- 2025 Basilan ambush: Part of Moro conflict
| Date | January 22, 2025 |
| Location | Sumisip, Basilan, Philippines |

Belligerents
- Philippine Government: "Lawless elements" rogue MILF members

Commanders and leaders
- Lt. Col. Edmond S. Lanzar: Najal Buena Oman Hajal Jali

Units involved
- 32nd Infantry Battalion: unknown

Casualties and losses
- 2 killed 12 wounded 1 KM450 military vehicle burned: 2 killed (Philippine military claim)

= 2025 Basilan ambush =

Ambush in the Philippines

On January 22, 2025 the Philippine Army looking to escort a United Nations Development Programme (UNDP) team was attacked by "lawless elements" backed by some gunmen from the Moro Islamic Liberation Front (MILF).

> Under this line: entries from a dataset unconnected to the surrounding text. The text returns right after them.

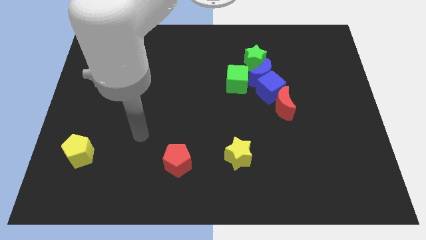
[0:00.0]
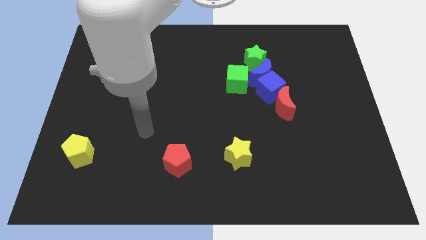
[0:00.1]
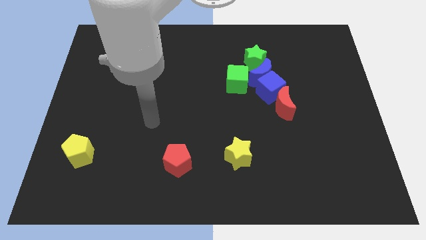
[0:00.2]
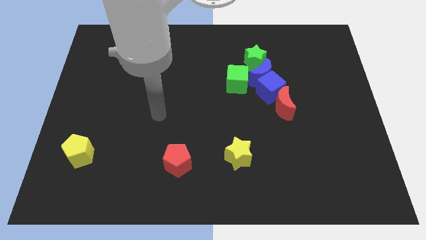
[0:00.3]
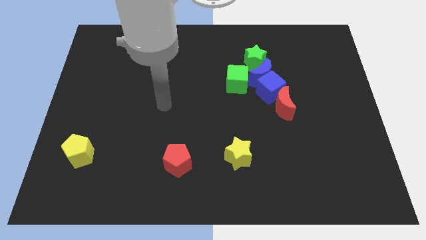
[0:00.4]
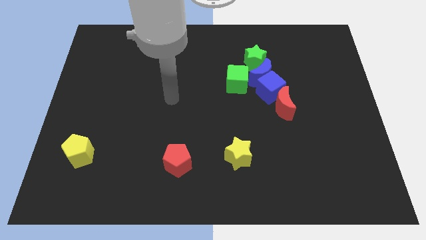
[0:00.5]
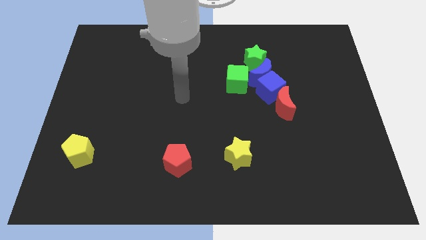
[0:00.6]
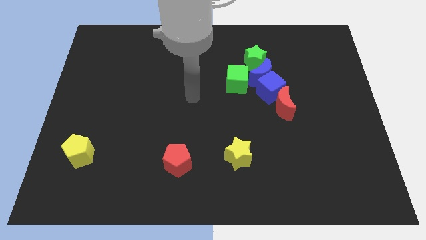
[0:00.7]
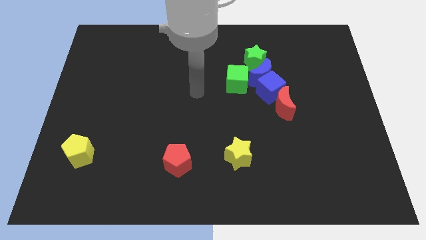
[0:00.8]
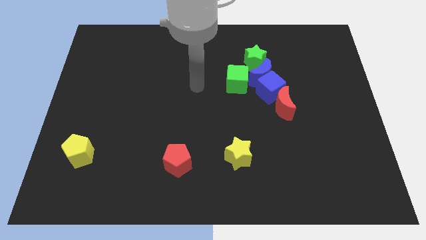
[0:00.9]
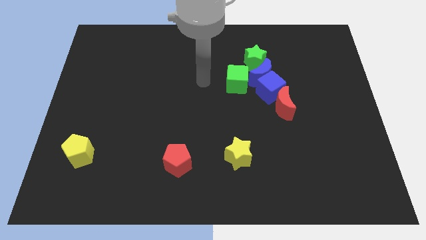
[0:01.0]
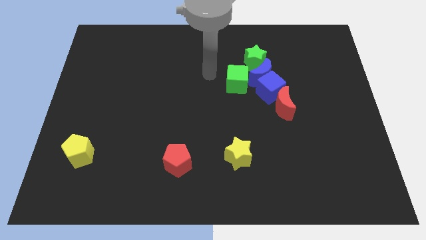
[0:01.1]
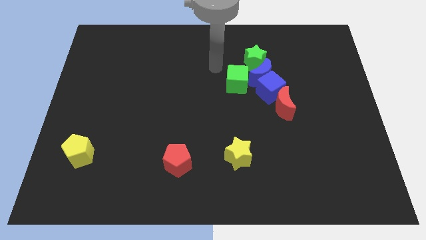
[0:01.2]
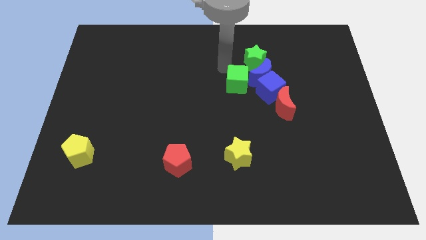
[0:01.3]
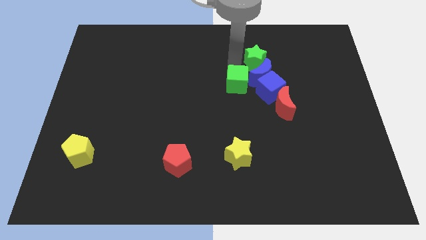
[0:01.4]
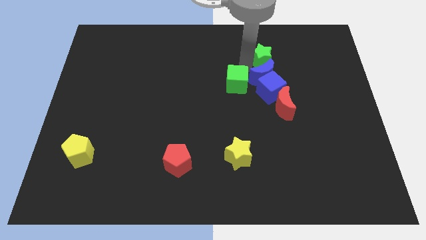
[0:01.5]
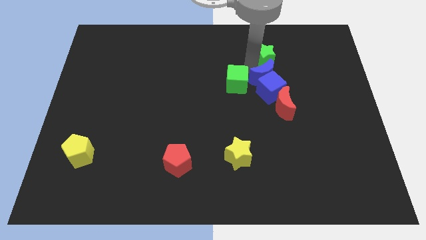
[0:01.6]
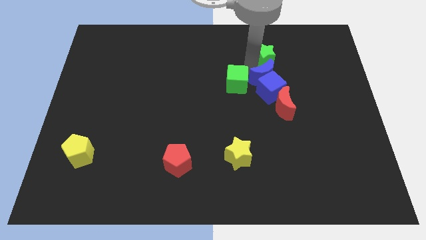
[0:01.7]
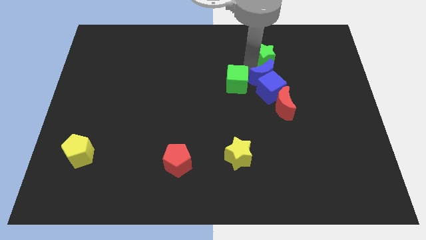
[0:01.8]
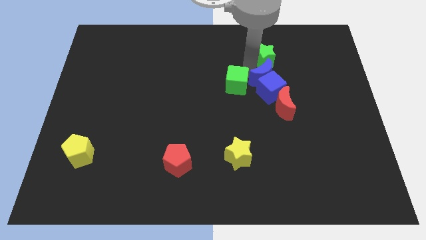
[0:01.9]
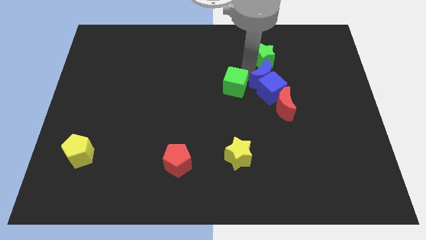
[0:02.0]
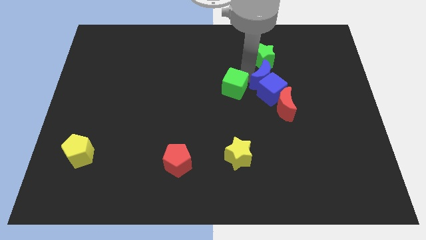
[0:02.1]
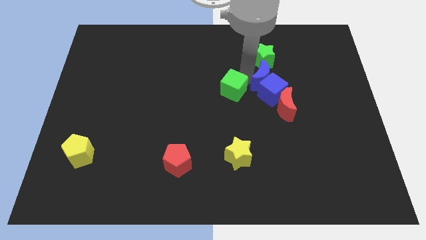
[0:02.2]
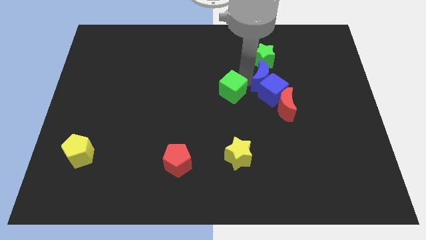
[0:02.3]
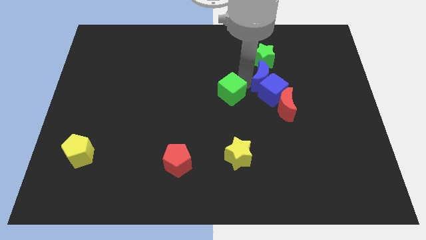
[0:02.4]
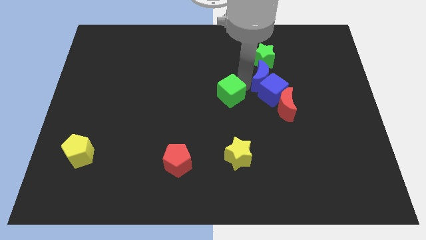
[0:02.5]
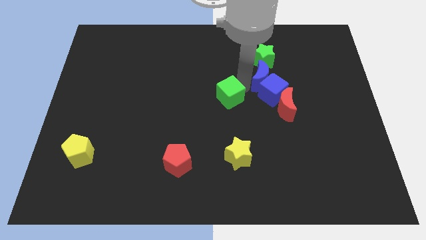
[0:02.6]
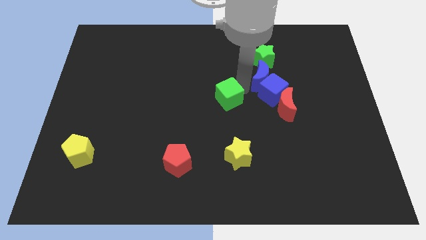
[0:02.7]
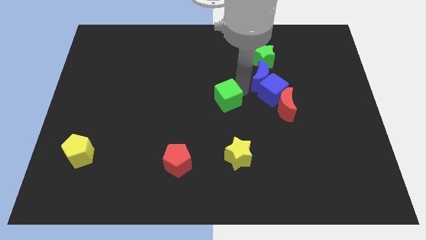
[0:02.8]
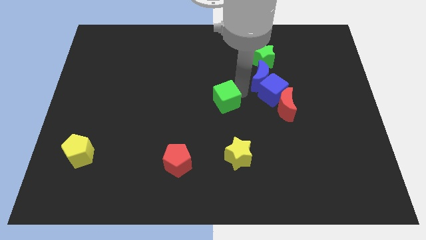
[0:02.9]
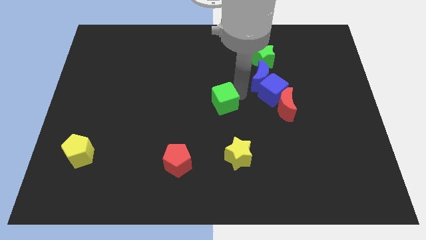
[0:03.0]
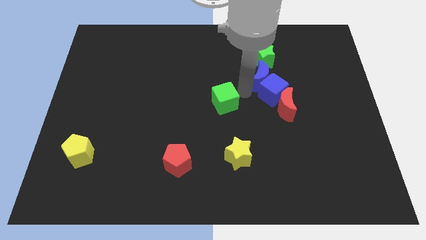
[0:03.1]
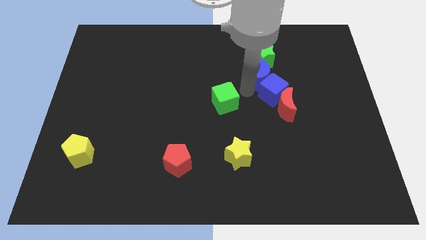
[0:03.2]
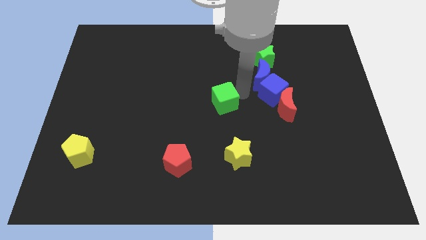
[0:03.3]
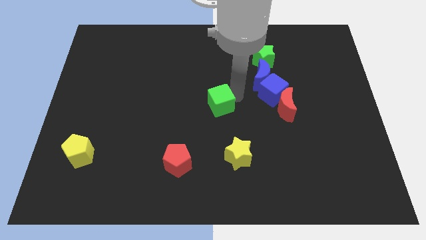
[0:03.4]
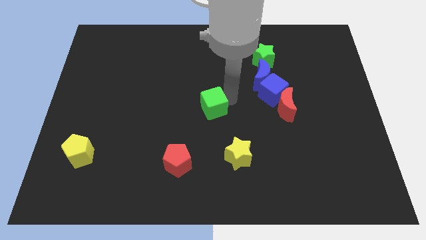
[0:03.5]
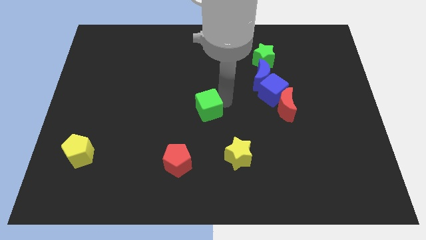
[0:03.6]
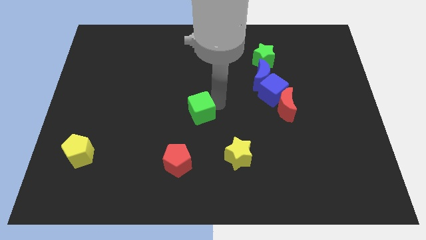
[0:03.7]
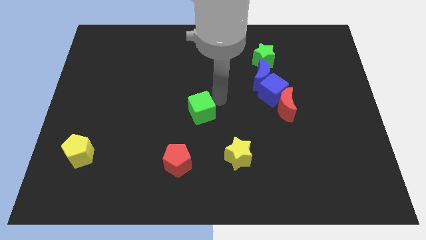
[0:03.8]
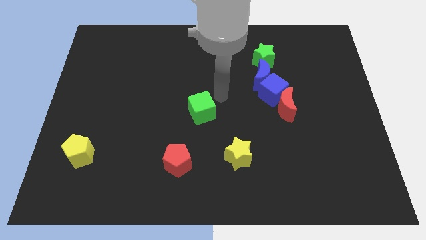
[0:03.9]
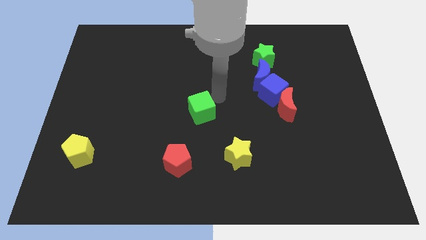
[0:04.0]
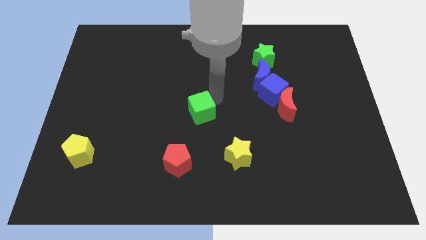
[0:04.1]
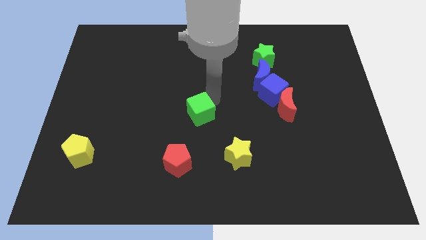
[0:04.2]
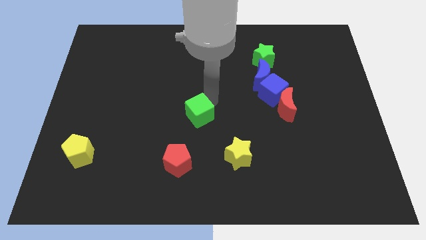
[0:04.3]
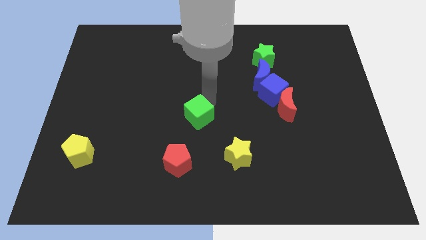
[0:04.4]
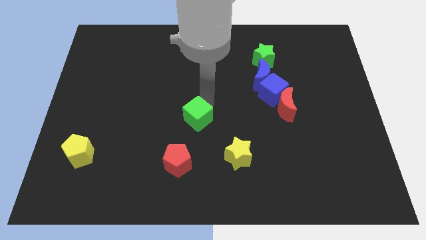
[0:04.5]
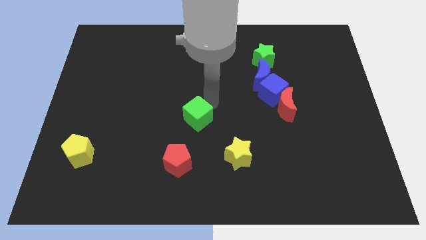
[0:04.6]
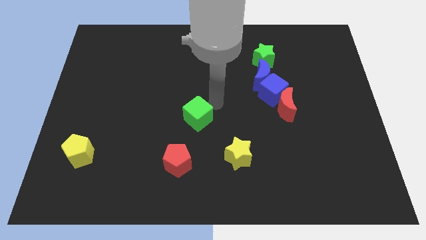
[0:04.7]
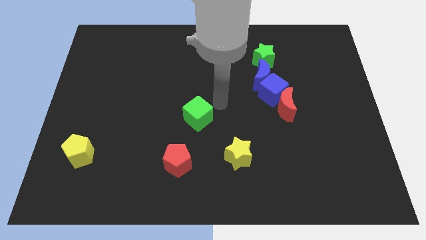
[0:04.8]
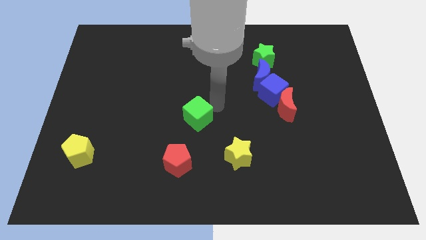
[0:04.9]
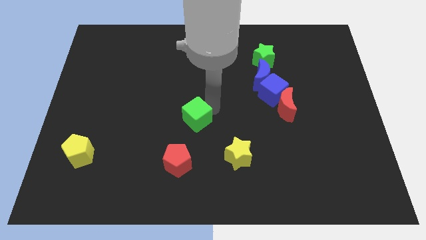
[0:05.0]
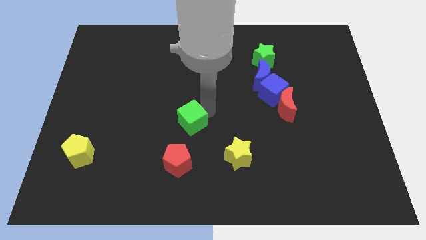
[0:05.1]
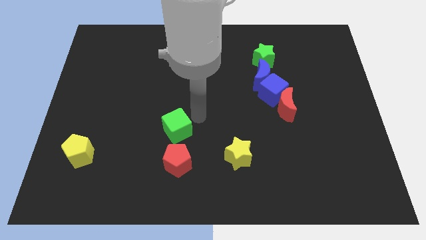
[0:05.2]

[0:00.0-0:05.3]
push the green cube downwards and left

The encounter occurred at Sumisip, Basilan, Philippines.

==Attack==
On January 22, 2025, the Philippine Army were on their way to escort a United Nations Development Programme (UNDP) team when they were attacked by armed men led Najal Buena and Oman Hajal Jali and are allegedly linked to the Moro Islamic Liberation Front (MILF) in Sumisip, Basilan, Philippines. The attack occurred in the Bangsamoro region which is supervised by a transition government led by the MILF.

Two Intel officers died and twelve were injured. The MILF side sustained 2 casualties according to initial reports Around 135 families evacuated during the attack. It is considered the most serious breach of the Comprehensive Agreement on the Bangsamoro of 2014.

The name of the two intel officers killed are Cpl. Jordan Daquipel and Sgt. Reymark Bation of the Army’s 18th Infantry Battalion

==Aftermath==
The MILF-Ad Hoc Joint Action Group (AHJAG) said that the MILF's 114th Base Command was not informed of the Philippine Army's entry in the area. The Army claim otherwise, insisting that the MILF monitoring committee was informed. Despite this, the army also added that prior coordination was unnecessary since their mission is not a law enforcement operation.